I have clasped people’s raw, chapped hands in mine; I have had an unexpected hug 

I have inspected the criss-cross patterns of self-inflicted cuts on a teenage boy’s arm, and sympathised with a woman gradually losing her once strong, proud, fiercely intelligent husband to the ravages of dementia.

I have cycled home each week in the dark, a welcome chance for the stories I have heard to settle within me, to join the thousands of others I have had shared with me over my 21 years in general practice. As I pedal, I marvel at the way people doggedly keep going, in the face of adversity.

In short, every week, for three hours, I’m reminded why I don’t just throw in the towel completely, and step away from my GP work for good. I know that my contribution to the vast national effort of primary care is tiny, but it’s a small offering of myself which remains important to me, it turns out.

Life is suffering, as the Buddhists tell us; yes, it certainly is. We all know that. But, fortunately, it isn’t just that.
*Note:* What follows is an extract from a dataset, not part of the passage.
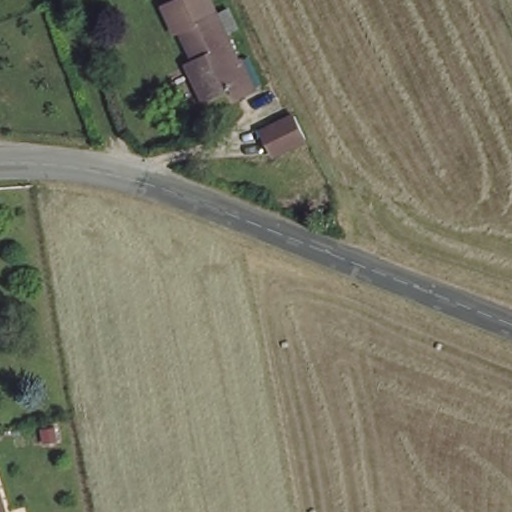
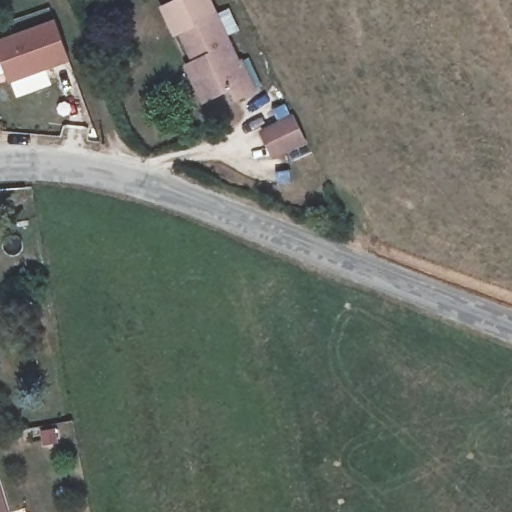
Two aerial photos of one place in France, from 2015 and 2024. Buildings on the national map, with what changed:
unchanged [(206,0),(237,63),(242,61),(255,89),(237,98),(230,86),(207,100),(192,70),(199,66),(170,11),(191,0),(206,0)]
new [(54,20),(67,58),(9,76),(0,51),(0,38),(54,20)]
unchanged [(273,159),(263,133),(295,118),(307,143),(273,159)]
unchanged [(10,509),(12,512),(0,512),(0,490),(10,509)]

It is also reaching out to others as they suffer, however unable we feel to magically turn their lives around.

It is the holding of their hand, figuratively, and sometimes literally. It is what was offered to me, in my hour (my many hours!) of need, by so many, and in a small way, it is what I try to offer to others too.

I know that I can’t be any more of a GP than this, partly because of the time I wish to give to my two palliative care jobs, and to my children, and partly because of a deep personal exhaustion borne of grief and loss. But I am glad to still be on the team, so to speak. Glad, and proud.